Source records
------------------------------------------------------------------------

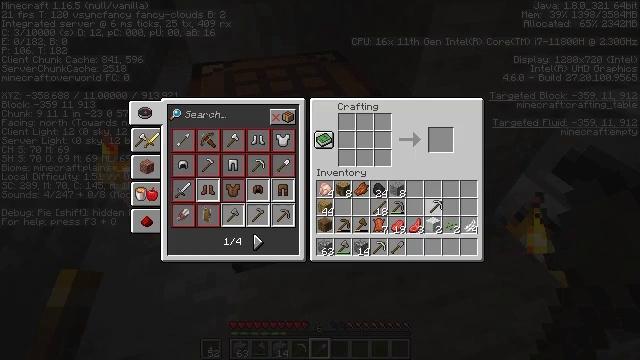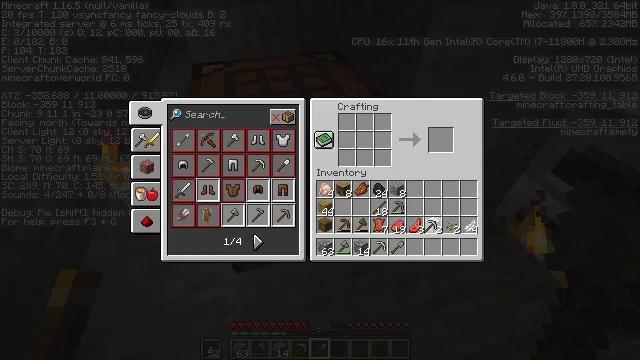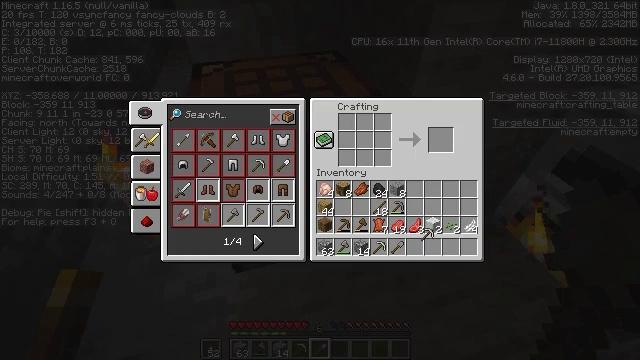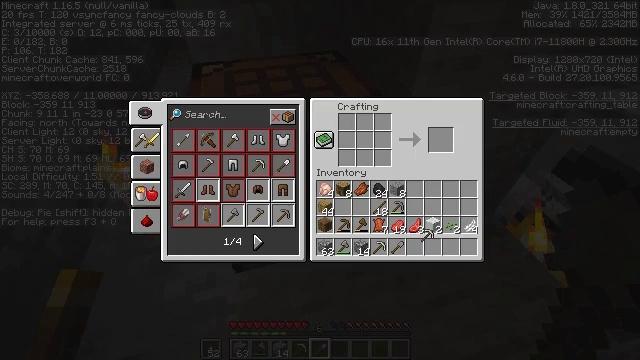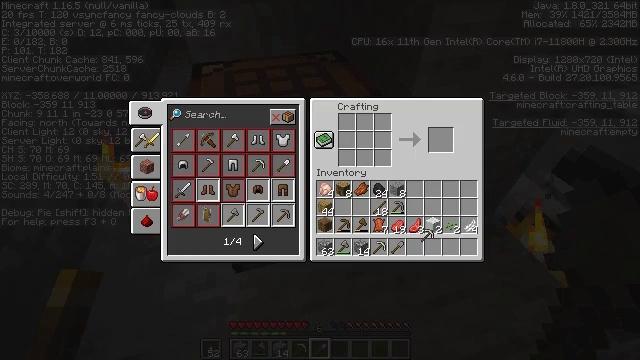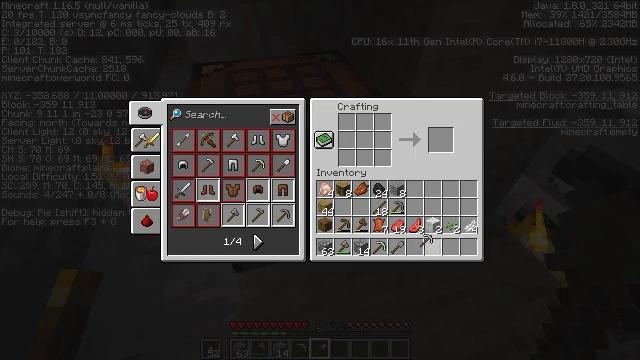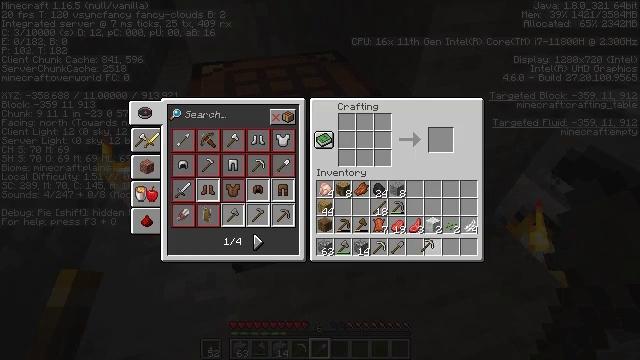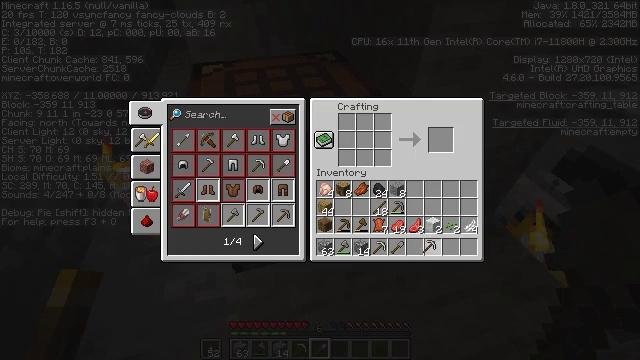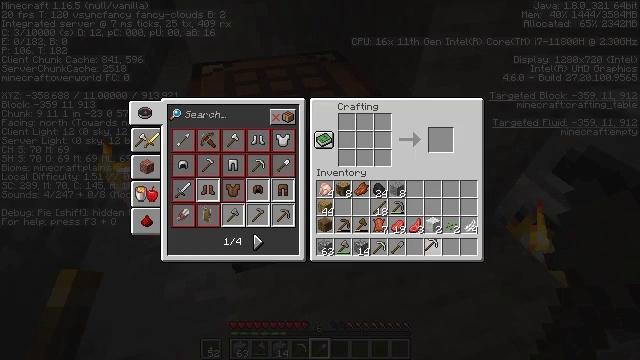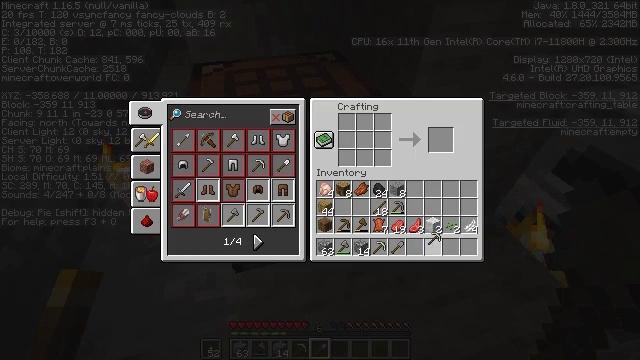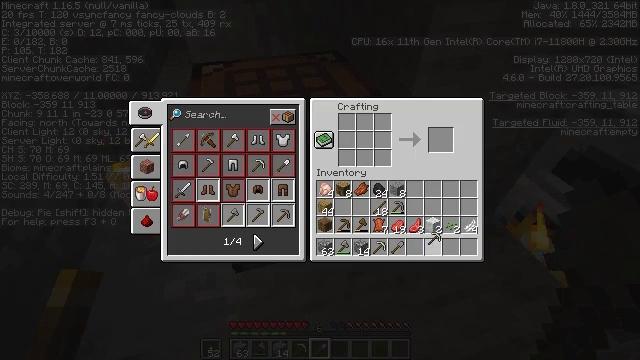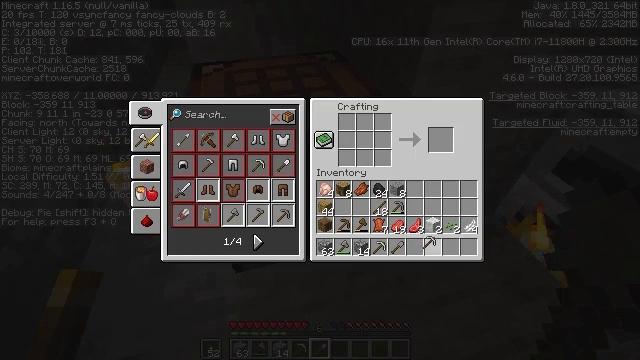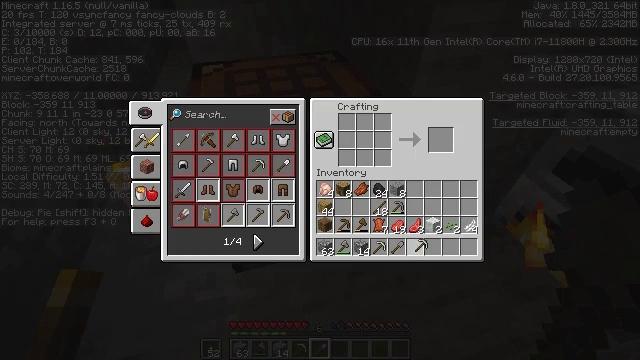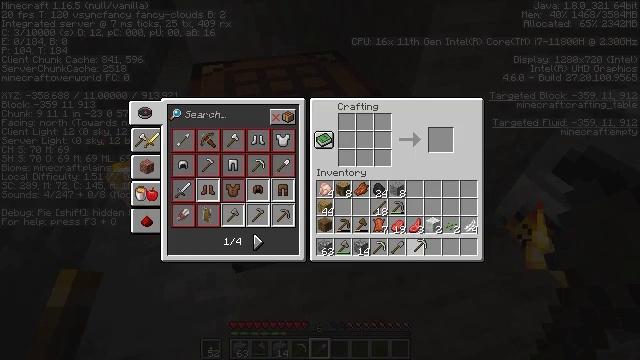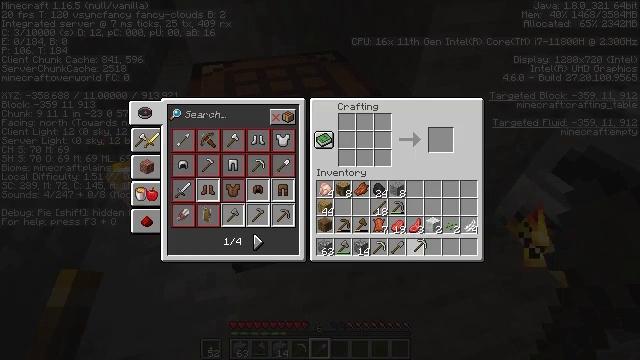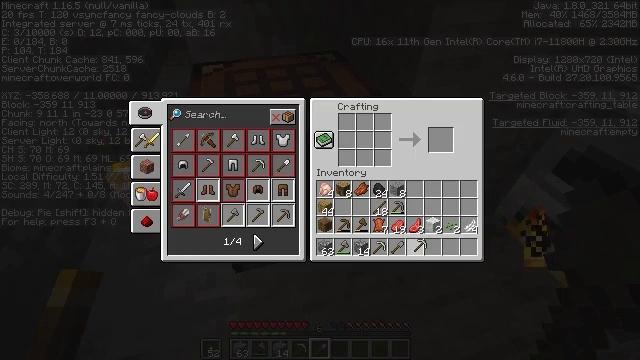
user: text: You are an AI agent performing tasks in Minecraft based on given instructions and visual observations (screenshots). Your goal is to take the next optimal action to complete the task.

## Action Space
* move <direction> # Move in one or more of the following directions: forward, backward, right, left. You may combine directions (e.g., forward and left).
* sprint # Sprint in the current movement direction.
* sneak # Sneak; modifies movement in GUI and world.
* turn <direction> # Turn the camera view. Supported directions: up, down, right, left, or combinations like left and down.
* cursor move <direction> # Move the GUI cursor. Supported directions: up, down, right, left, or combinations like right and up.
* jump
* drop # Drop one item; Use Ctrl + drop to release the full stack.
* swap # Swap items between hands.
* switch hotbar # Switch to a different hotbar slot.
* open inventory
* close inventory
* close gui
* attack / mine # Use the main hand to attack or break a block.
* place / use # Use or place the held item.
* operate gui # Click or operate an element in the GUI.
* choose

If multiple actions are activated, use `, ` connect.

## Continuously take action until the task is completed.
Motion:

------------------------------------------------------------------------

Work task:
The required answer is the line with "right and up." plus every line after it to the end of the entries above, transcribed exactly.

Solution for this task:
* cursor move <direction> # Move the GUI cursor. Supported directions: up, down, right, left, or combinations like right and up.
* jump
* drop # Drop one item; Use Ctrl + drop to release the full stack.
* swap # Swap items between hands.
* switch hotbar # Switch to a different hotbar slot.
* open inventory
* close inventory
* close gui
* attack / mine # Use the main hand to attack or break a block.
* place / use # Use or place the held item.
* operate gui # Click or operate an element in the GUI.
* choose

If multiple actions are activated, use `, ` connect.

## Continuously take action until the task is completed.
Motion:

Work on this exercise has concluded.